Saint-Avertin (/fr/) is a commune in the Indre-et-Loire department in central France.

==History==
Traces of human activity from the times of Roman Gaul have been found in the area which is now Saint-Avertin, including a quarry that provided stones for the building of nearby Caesarodunum (Tours). The settlement was first mentioned in 930 as Venciacus, the latinized form of Vençay. In the 14th century, Vençay took the name Saint-Avertin after Aventinus of Tours, a monk who followed Thomas Becket, Archbishop of Canterbury, in his exile to France and settled in Vençay after Becket's death in 1170.

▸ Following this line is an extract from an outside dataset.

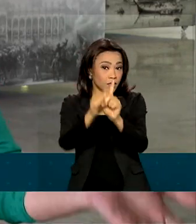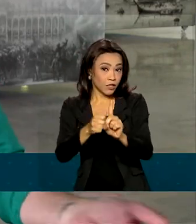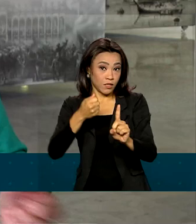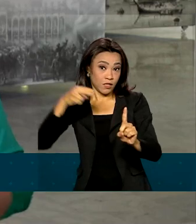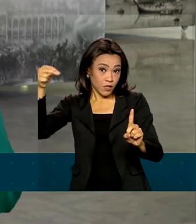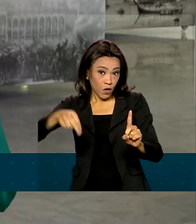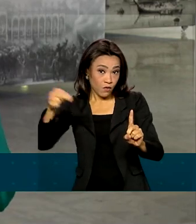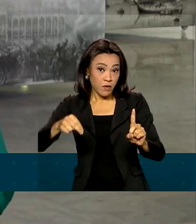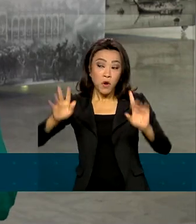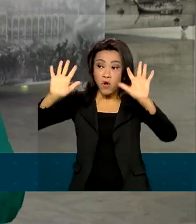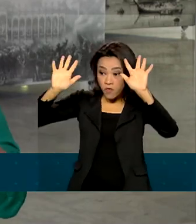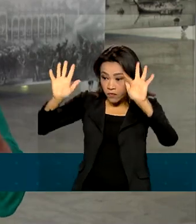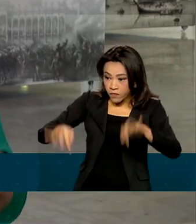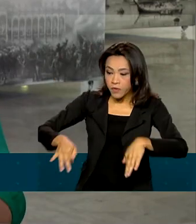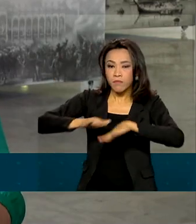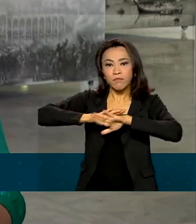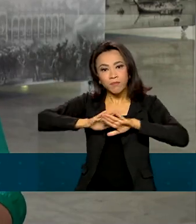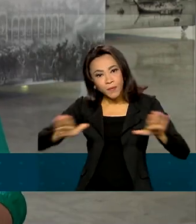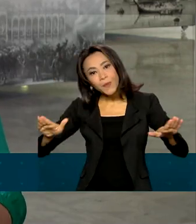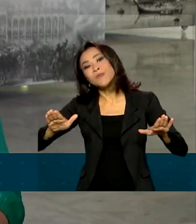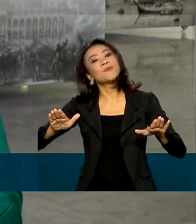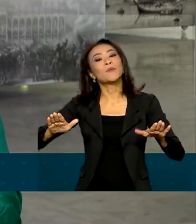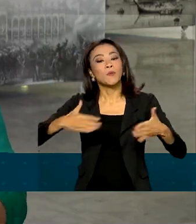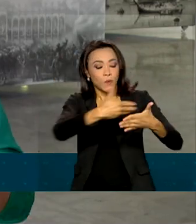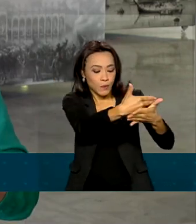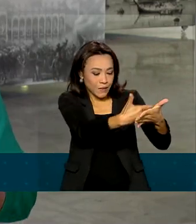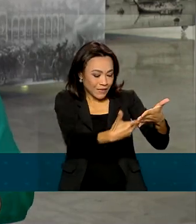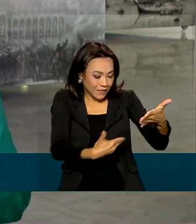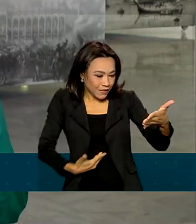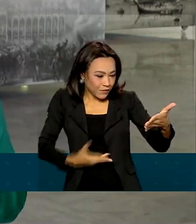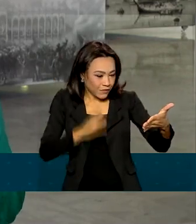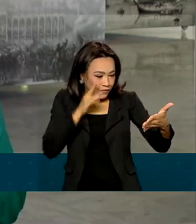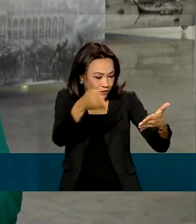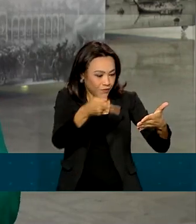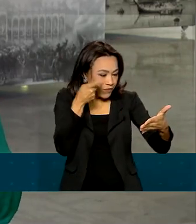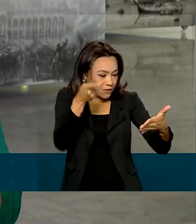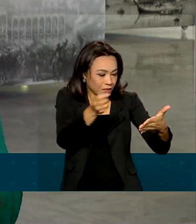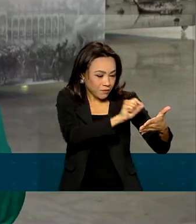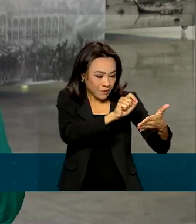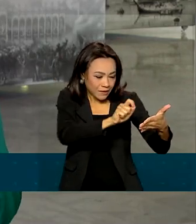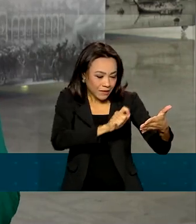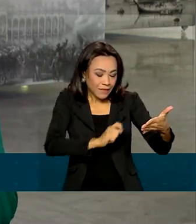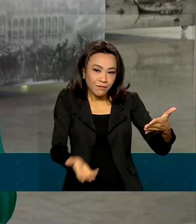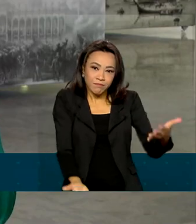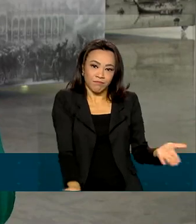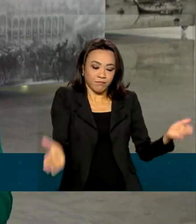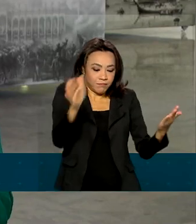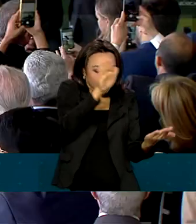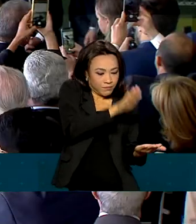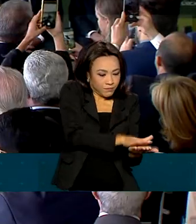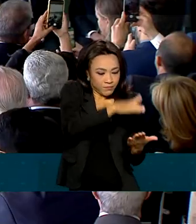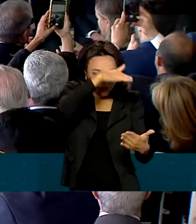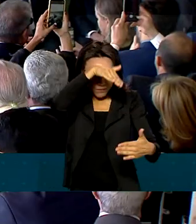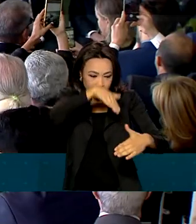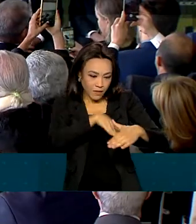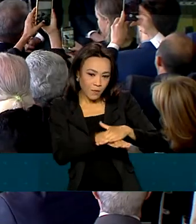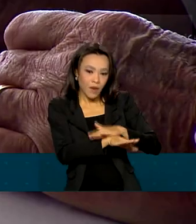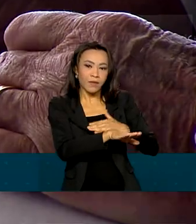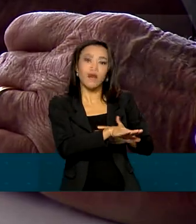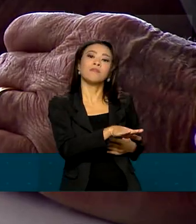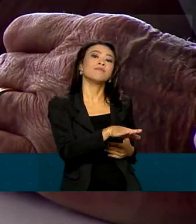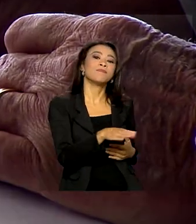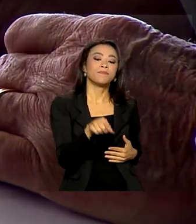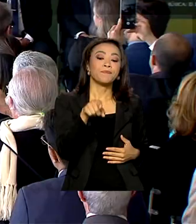terminar a exposição, o livro de visitantes será guardado na caixa do bicentenário da independência. O presidente

The castle of Cangé has existed at least since the 12th century. The present structure dates from the 16th century, when the Coningham family rebuilt it. In June 1940, following the German invasion of France, the government of the Third Republic withdrew to Tours. President Albert Lebrun spent five days in the castle of Cangé, where he presided two Councils of the Ministers on 12 and 13 June. After a devastating fire in 1978, the castle was bought by the commune. Since its renovation, it houses the multimedia library, the music school and the recreation centre.

==People==
- Christophe Plantin (c. 1520–1589), book-binder and typograph, was born in Saint-Avertin.
- Jules Romains (Louis Farigoule, 1885–1972), poet and writer, owned the manoir de la Grand'Cour in Saint-Avertin from 1929 until his death.